Malignant Pleural Mesothelioma: Time Is Running Out

Malignant pleural mesothelioma (MPM) is a rare but highly malignant disease of the pleura usually related to asbestos exposure. Although it is not officially accepted as an orphan disease, its low incidence imposes significant difficulties to physicians confronted with affected patients. Unlike other neoplasms which have benefited from recent advancements in technologies, new immune-oncological treatments and multiomic approaches (i.e., lung cancer), MPM seems not to have benefited from these new therapeutic frontiers and currently MPM-patients are doomed to a dismal prognosis (expected survival of 9–18 months after diagnosis, according to histological subtype) with substantially no real chance of care. Recently, an increase in interest emerged within the scientific community on this tumor because its incidence has dramatically increased in high income countries in the last years, following the prevision of various prediction models previously developed [1,2]. In 2010 the European Respiratory Society and the European Society of Thoracic Surgeons reported epidemiological projections that estimated an increasing incidence of MPM, with a peak around 2020 [3] and here we stand now with the same principal unsolved questions and substantially the same unsatisfactory therapeutic protocols. First, to early predict MPM in asbestos-exposed subjects is extremely hard. To date, according to the data available on MPM (prevalence, prognosis, and treatment) and the performance (sensitivity, specificity) of potential screening methods, the medical efficacy of large-scale screening is not recommended [3]. Several biological markers have been currently studied and further efforts are needed in this field of research [4].

Concerning the MPM management, the decision to select a treatment modality is currently determined by a few parameters (the stage of disease, histology, and the patient’s performance status) that are clearly inadequate to deal with the complexity of this tumor. Treatment for MPM remains a big challenge all over the world. Systemic chemotherapy has been shown to increase survival by a few months and the utility of immunotherapy shows promising preliminary results but its role in daily clinical practice is still far off being defined [5]. The role of surgery for MPM is very much debated, as a small, randomized study (MARS) has shown that the usefulness of radical surgery in the context of trimodality therapy is questionable, with no robust survival benefits and some concerns on the harm done [6].

By extremely simplifying the daily clinical practice, at this time MPM patients with clinical stage I–II epithelioid-MPM who are judged medically operable and surgically resectable may undergo multimodality therapy including surgery, while clinical stage-III/IV or non-epitheliod-MPMs (regardless of TNM-stage) are generally treated with systemic chemo(radio)therapy and/or best supportive care [7].

More complex prediction models using several clinical parameters have been evaluated in recent years [8] but these do not consider the biological features of MPM that probably have more influence than other parameters on the overall clinical course of the disease. We currently know that MPM stays as a heterogeneous entity in terms of morphology, transcription profile, and genetic landscape [9]. Asbestos which is the main risk factor for MPM significantly contributes to this heterogeneity, being the cause of a wide range of molecular aberrations [10] A significant number of studies investigated genetic and molecular profiles of MPM, and the expanding number of genomic data will probably help physicians in the therapeutic decision process in the near future [9,11]. However, the diagnostic and the therapeutic process have reached high levels of complexity, in an effort to take full advantage of different innovative variables, integrating a variety of different omics domains. The technologic improvements have brought out the biological and clinical complexity of this disease when facing the overwhelming number of variables to be considered in prevention, diagnosis, and treatment decisional processes. As in other neoplasms, such a multiomic approach will provide physicians with an enormous amount of data (“big data”) and the advent of artificial intelligence (AI) will play a decisive role in this.

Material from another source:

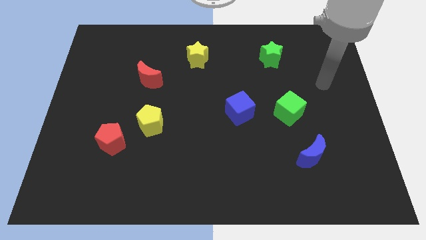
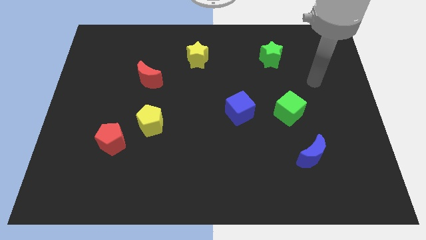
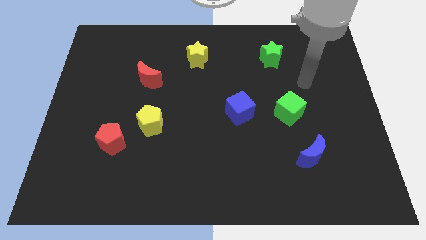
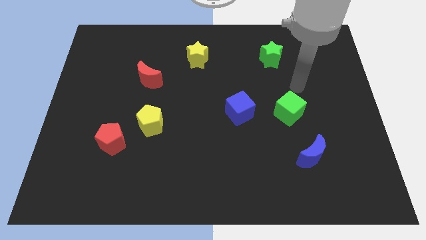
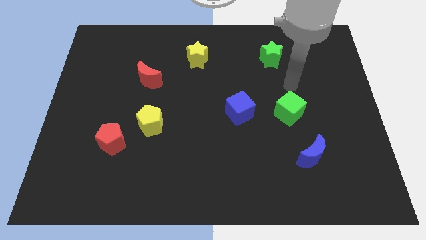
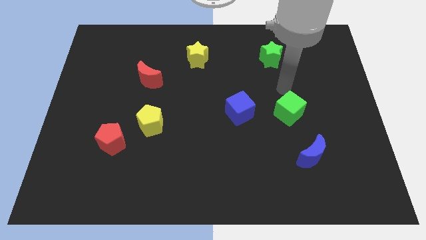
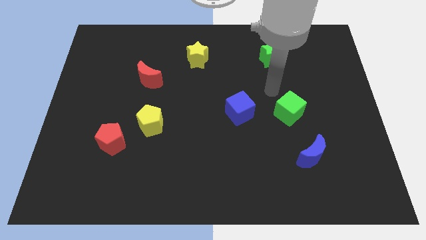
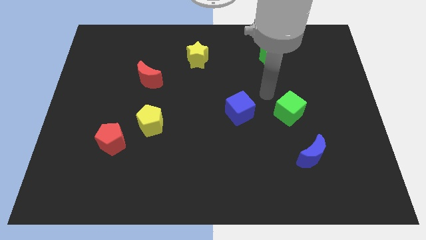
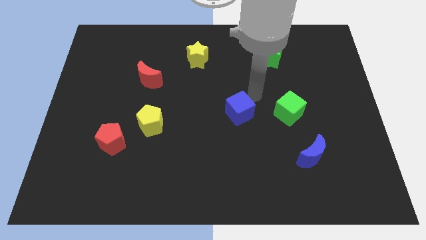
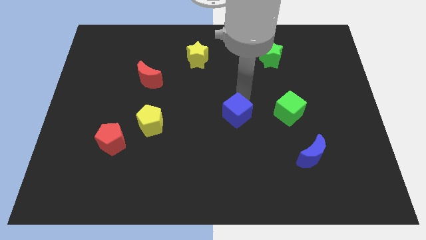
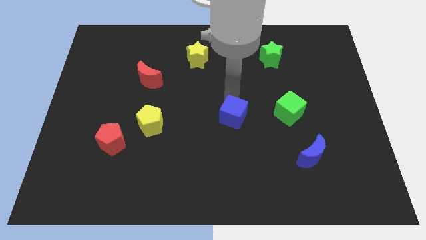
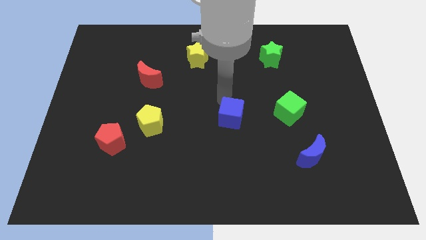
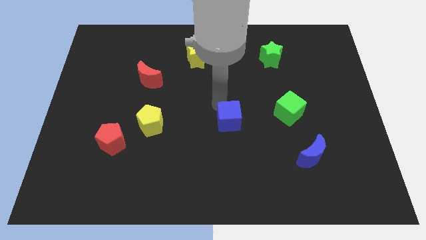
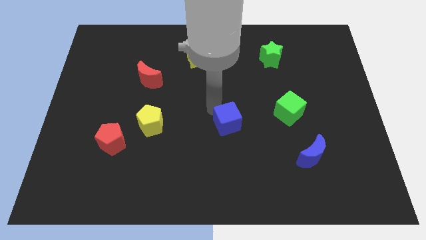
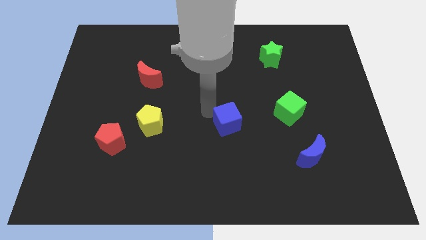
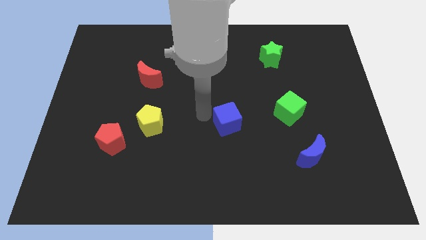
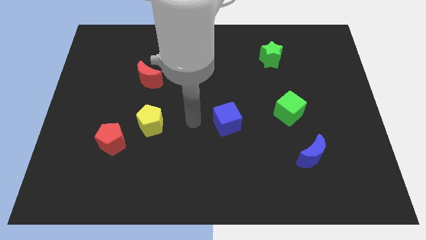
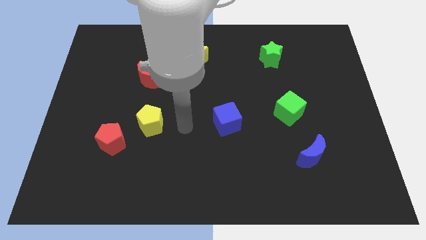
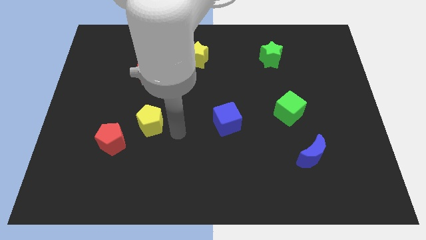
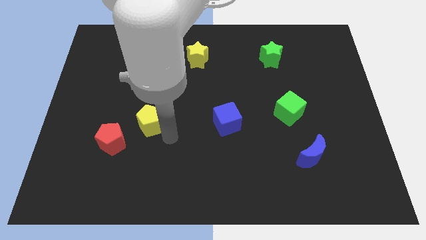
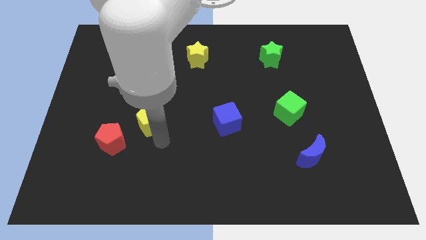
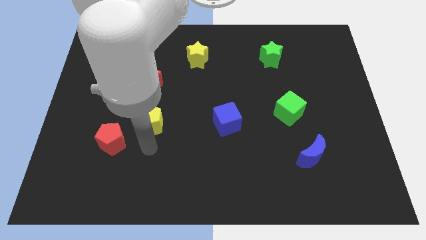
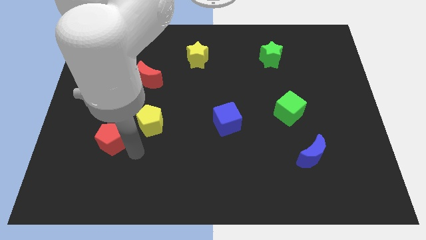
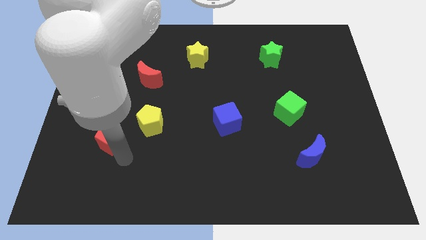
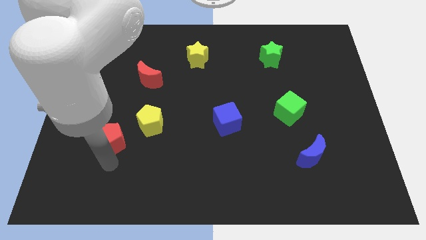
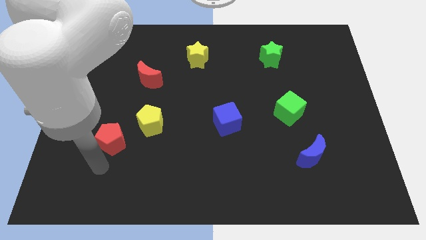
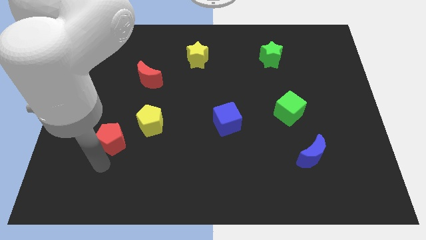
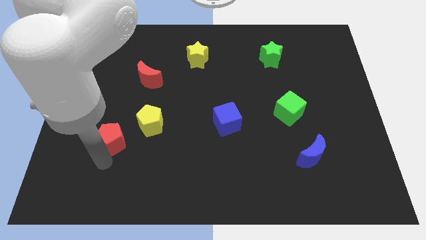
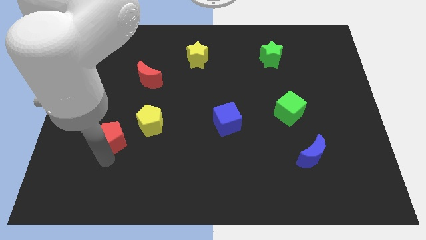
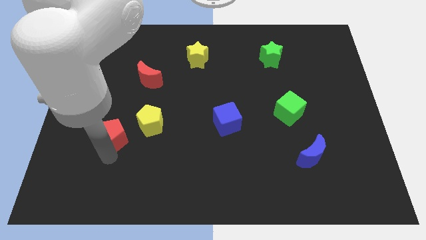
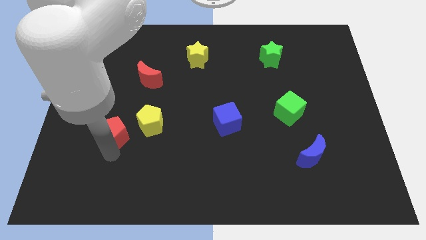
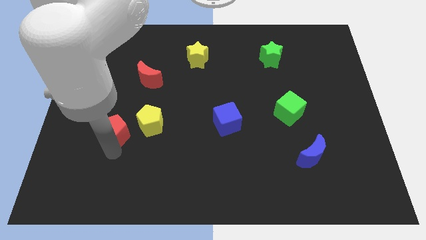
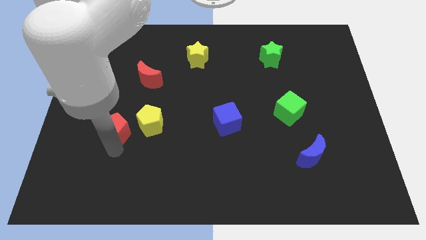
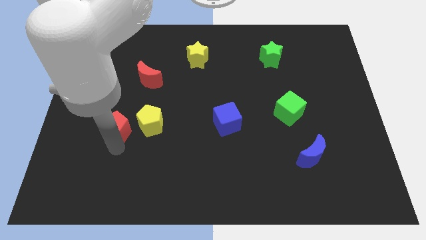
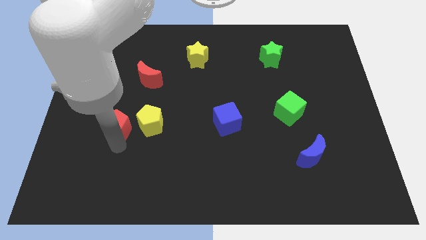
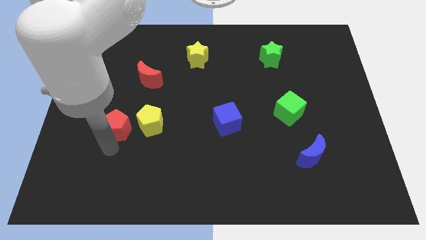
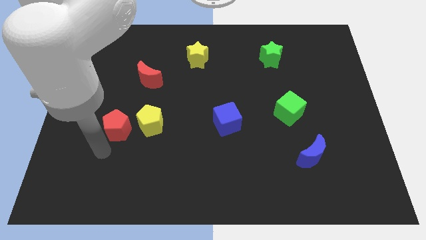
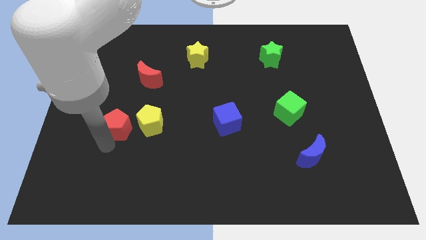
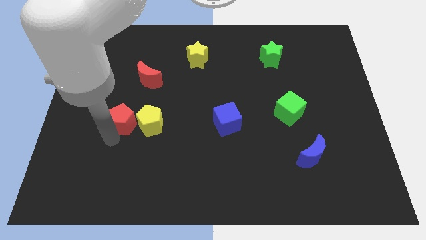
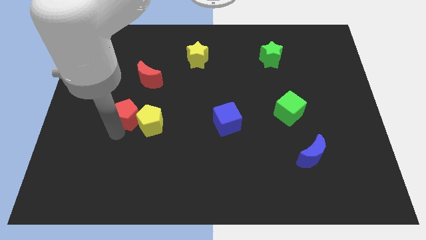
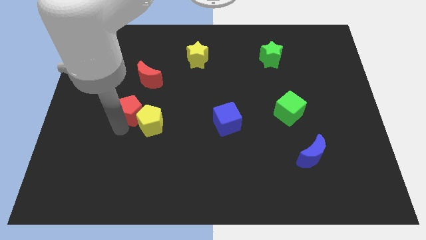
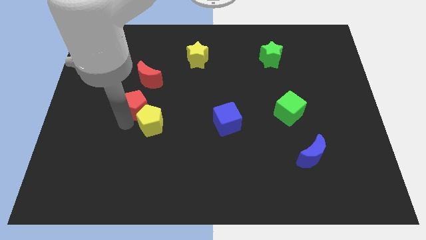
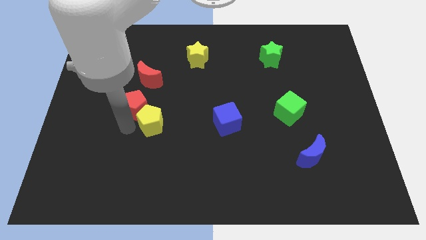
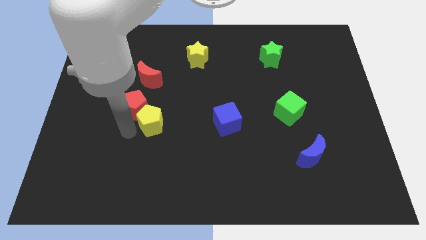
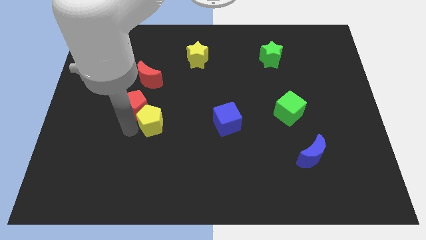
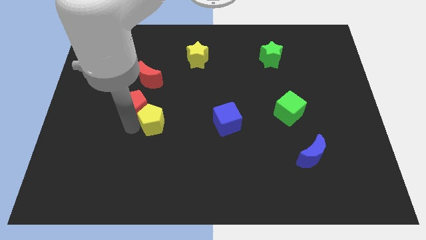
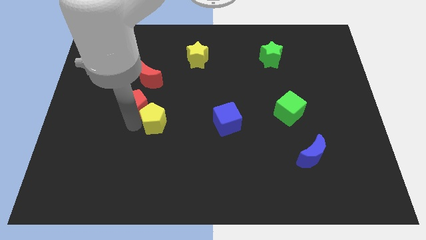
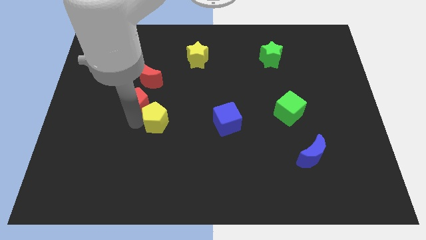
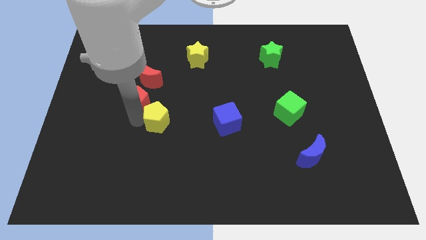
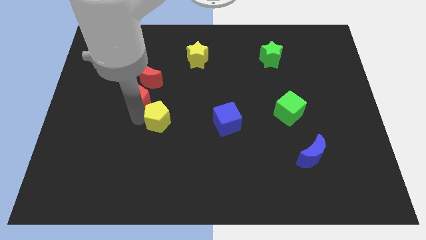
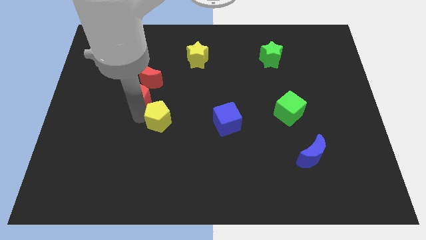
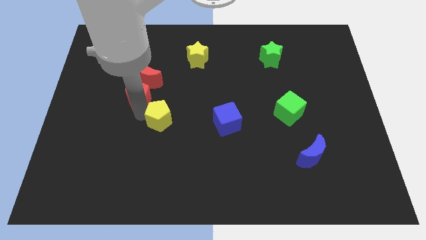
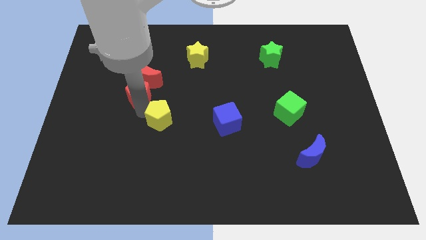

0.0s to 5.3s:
move the red pentagon close to the red moon

All the above mentioned future perspectives are strongly encouraging but time is really running out. Indeed, as previously remarked, the peak of incidence is arriving (or is ongoing now) in high income countries. Second, but not yet relevant, we need to consider that in the not so far future MPM cases will dramatically increase in emerging middle-income countries (i.e., India). As reported in a recent study comparing the estimated global-level mesothelioma burden over the world [12], the disease burden estimated for lower-middle income countries, relative to those for high-income countries, has a larger effect on the global burden because of their population size. Since these very populous countries started their asbestos consumption in the late 90s with no significant restriction as today, it is reasonable to predict a global disaster in the coming years. In particular, three countries with large populations and known high asbestos use are likely to impact the global mesothelioma burden: China, Russia, and India [12]. Thus, research should be intensified both for an immediate effect on the high-income population and for future clinical practice applications in the low-income population.

In the present Special issue, we have aimed to offer to the readers an overview on the current evidence on MPM with particular emphasis on molecular epidemiology and new therapeutic frontiers.